Normalized volatility on three-month options for 10-year U.S. interest-rate swaps, known as 3m10y swaptions, climbed this week to the highest level since the Fed's interest-rate hike last month. Similarly, 3m30y swaption volatility is at a one-month high, though it remains near the lowest since 2014.

BlackRock is going long volatility more than it's shorting it in the $27.8-billion BlackRock Strategic Income Opportunities Portfolio, according to Mr. Rieder, who co-manages the fund as the firm's chief investment officer of global fixed-income.

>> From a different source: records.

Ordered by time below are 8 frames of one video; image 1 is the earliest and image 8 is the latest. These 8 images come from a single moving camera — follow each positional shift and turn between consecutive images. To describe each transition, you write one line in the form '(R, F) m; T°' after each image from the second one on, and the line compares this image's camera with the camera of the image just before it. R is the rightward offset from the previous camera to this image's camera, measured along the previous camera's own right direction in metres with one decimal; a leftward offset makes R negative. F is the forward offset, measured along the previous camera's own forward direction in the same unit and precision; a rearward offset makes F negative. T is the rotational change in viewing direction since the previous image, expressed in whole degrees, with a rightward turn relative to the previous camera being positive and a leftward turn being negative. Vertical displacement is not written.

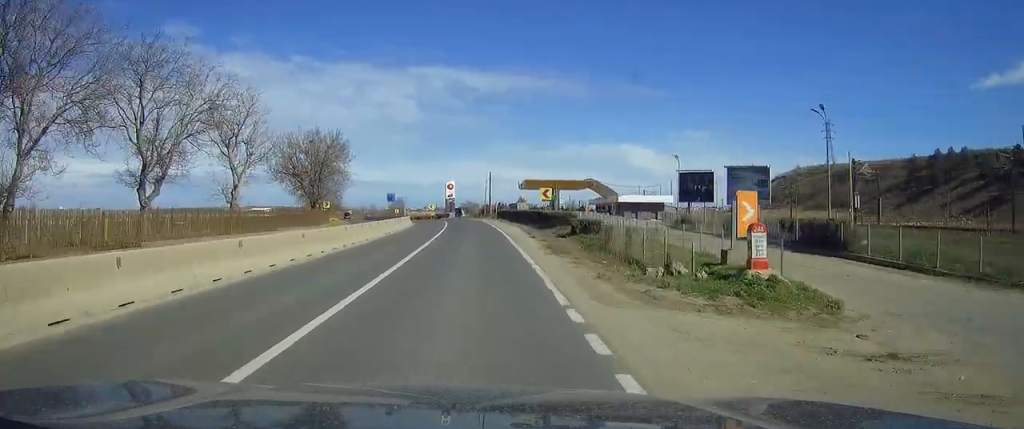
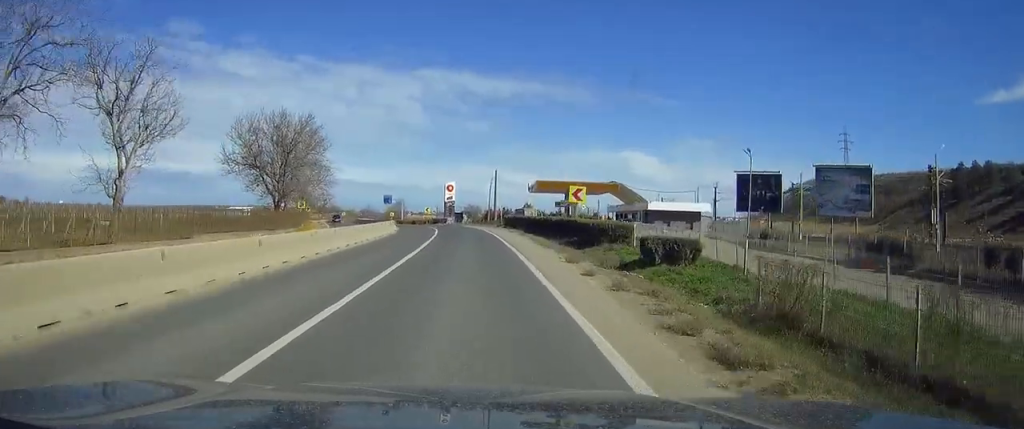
(0.0, +16.3) m; -1°
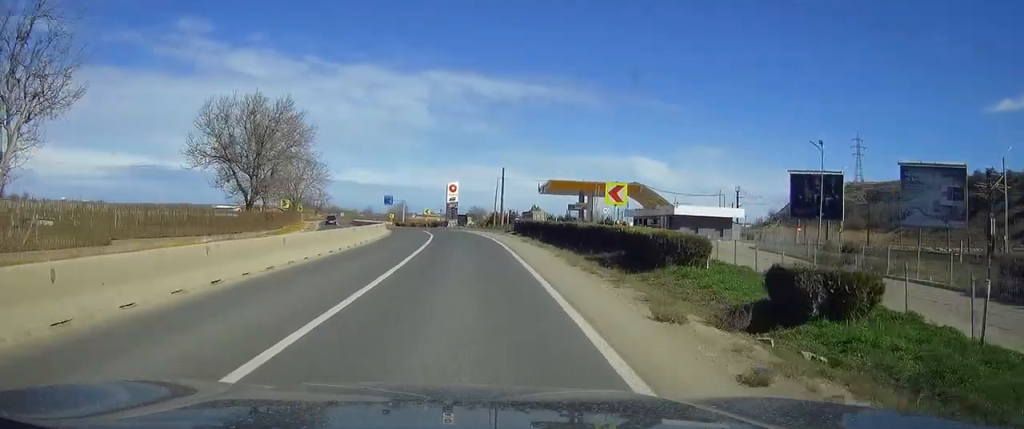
(0.0, +9.8) m; -1°
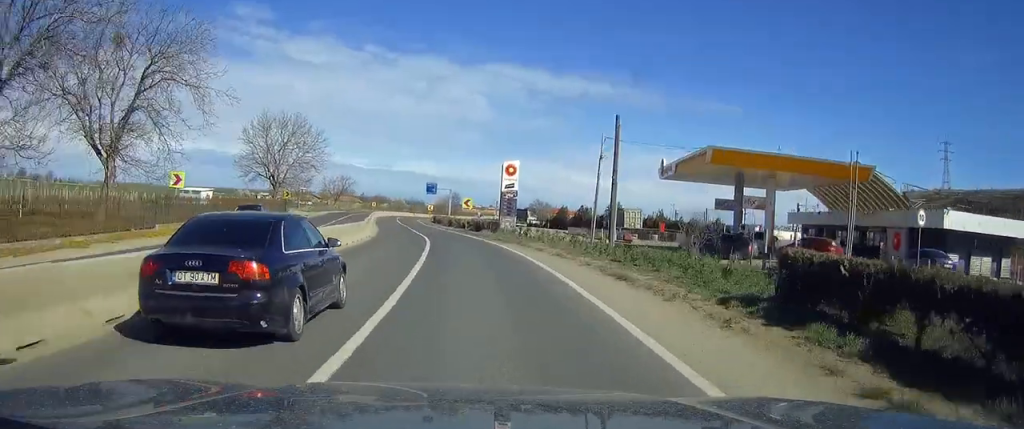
(-1.2, +40.3) m; -4°
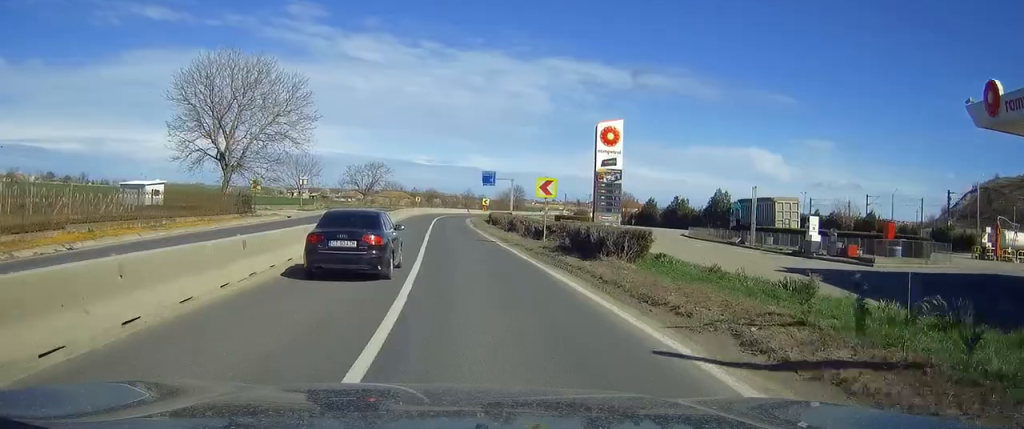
(-1.3, +32.8) m; -5°
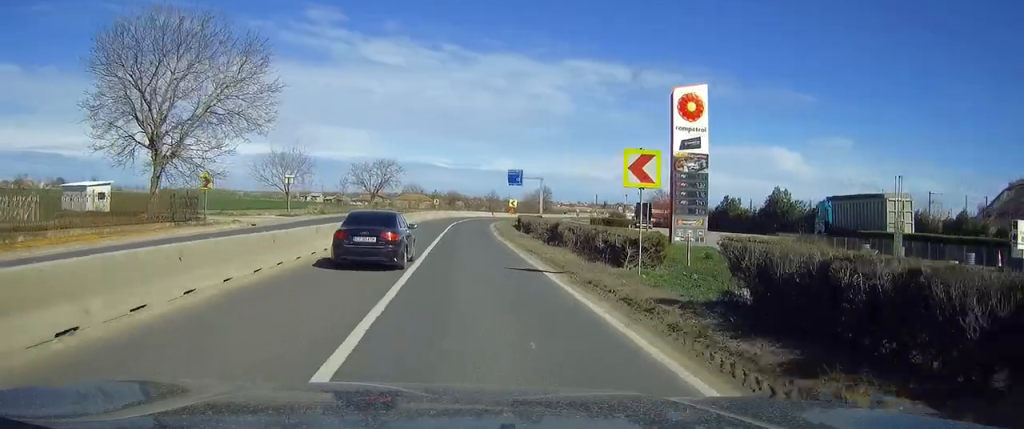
(-0.3, +15.2) m; -2°
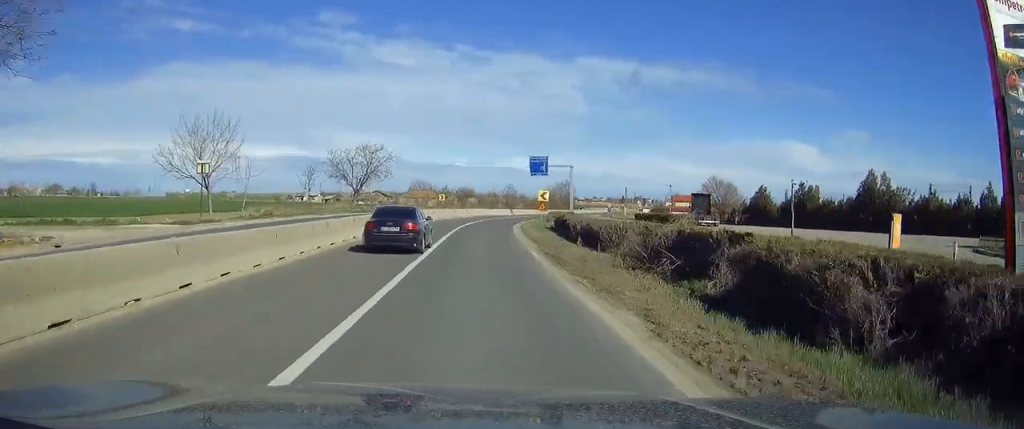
(-0.5, +24.0) m; -1°
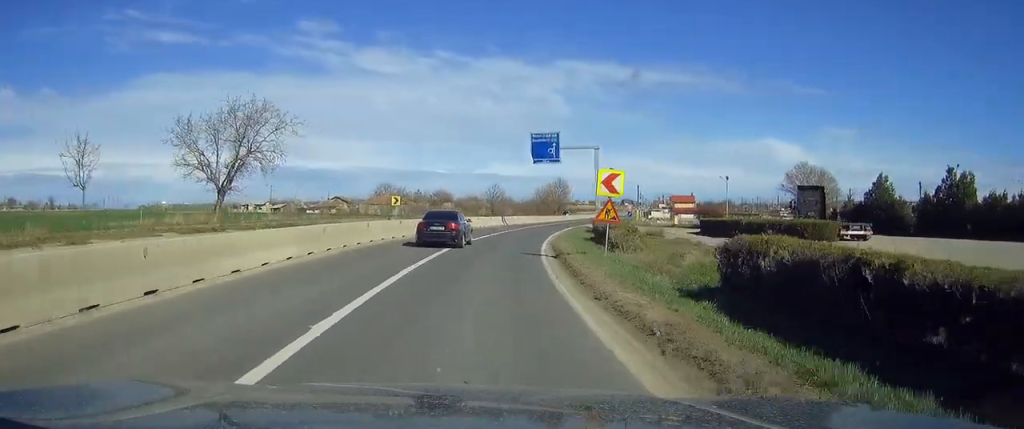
(0.0, +36.7) m; +2°

The Merrill Option Volatility Estimate, or MOVE Index, measures swings based on one-month options for two to 30-year Treasuries and last month reached the lowest since before the Nov. 8 U.S. elections. It has since rebounded to about its one-year average.

Holding Firm

These latest moves don't necessarily mean volatility sellers will be squeezed out of the market. For equity-fund managers, one strategy for selling volatility that's growing in popularity isn't as much about betting on the direction of the market as much as it is about generating income, according to Pravit Chintawongvanich, head of derivatives strategy of Macro Risk Advisors.

And since they're not necessarily betting on the direction of the CBOE Volatility Index, known as the VIX, they aren't required to cover their position if volatility spikes, and may choose to continue selling the options. While sellers of volatility typically actively hedge their position with stocks, the income-driven strategy has grown among pension funds and traditional asset managers, according to Chintawongvanich.

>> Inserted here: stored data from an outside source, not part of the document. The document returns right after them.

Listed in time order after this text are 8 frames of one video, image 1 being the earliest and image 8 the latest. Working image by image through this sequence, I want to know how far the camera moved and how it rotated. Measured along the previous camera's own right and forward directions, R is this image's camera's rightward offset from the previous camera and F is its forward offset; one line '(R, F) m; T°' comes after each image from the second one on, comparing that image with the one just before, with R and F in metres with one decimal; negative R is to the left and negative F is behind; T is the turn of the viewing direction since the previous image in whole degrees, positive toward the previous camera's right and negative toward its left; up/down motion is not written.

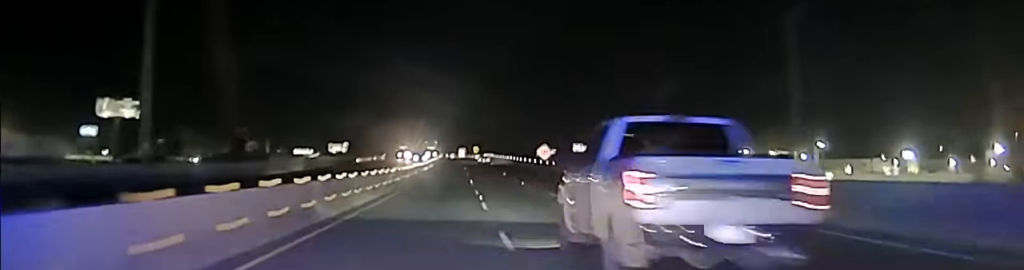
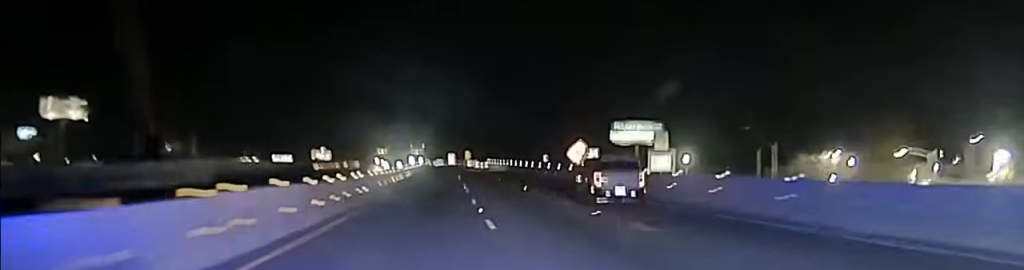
(+0.2, +32.4) m; 0°
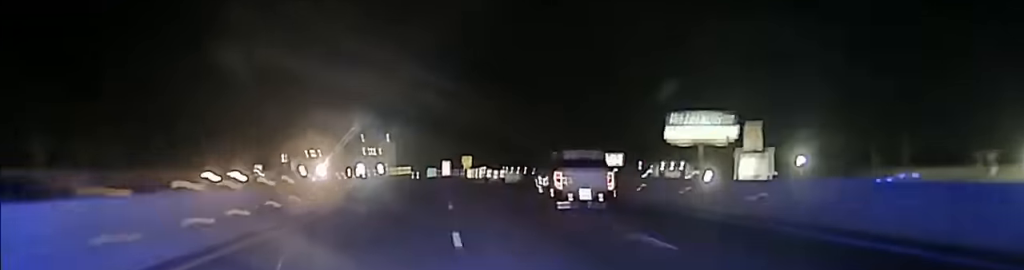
(+0.3, +65.3) m; -1°
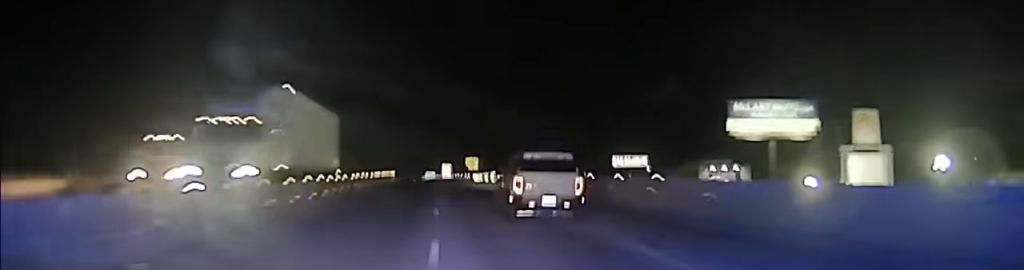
(-0.5, +37.9) m; -1°
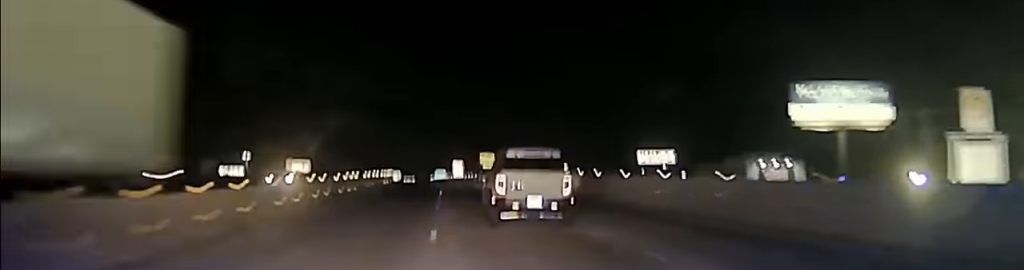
(-0.2, +20.7) m; -1°
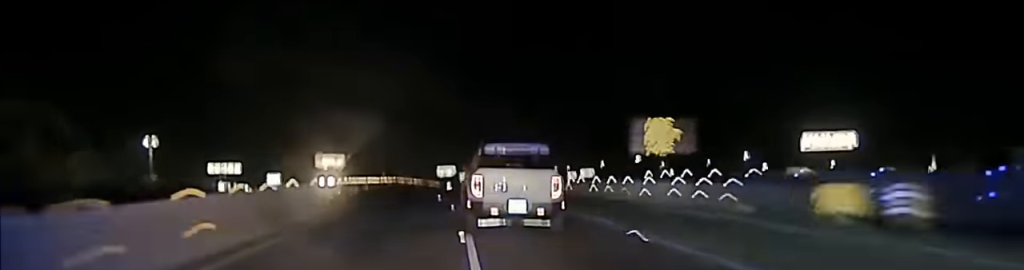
(-2.2, +87.1) m; -3°
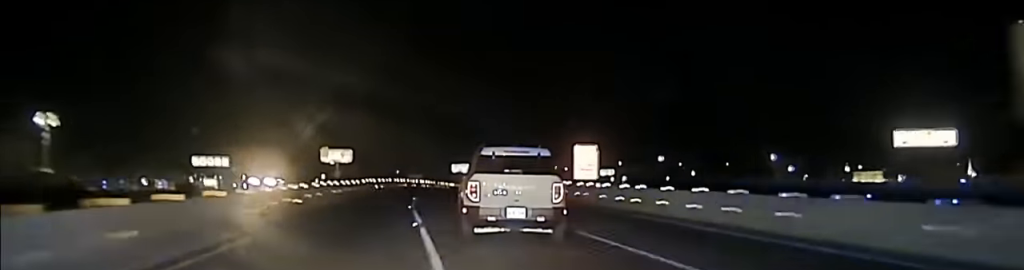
(-0.4, +33.5) m; 0°
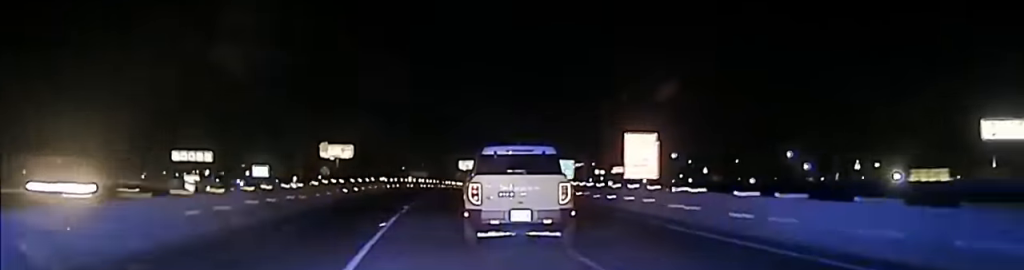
(-0.2, +23.8) m; +1°

"They harness volatility in a different way," he said by phone. "I think the reason is because yields are super low and people have been saying for years equities are fully valued. So if you believe that, you're not giving away too much upside."

Still, Mr. Chintawongvanich understands the appeal of betting on rising volatility. After all, there's still the chance that anti-euro candidate Marine Le Pen wins the French presidential election, and the emergence of Jean-Luc Melenchon as a fourth viable candidate could alter the race. That's on top of geopolitical tension between the U.S. and North Korea, Russia and Syria.

"Vol has been bid over the past couple of days because of the French election -- the U.S. was not pricing in any event premium," Mr. Chintawongvanich said. "It's an event that most likely will end up being fine, but there's a very small risk of a very bad outcome."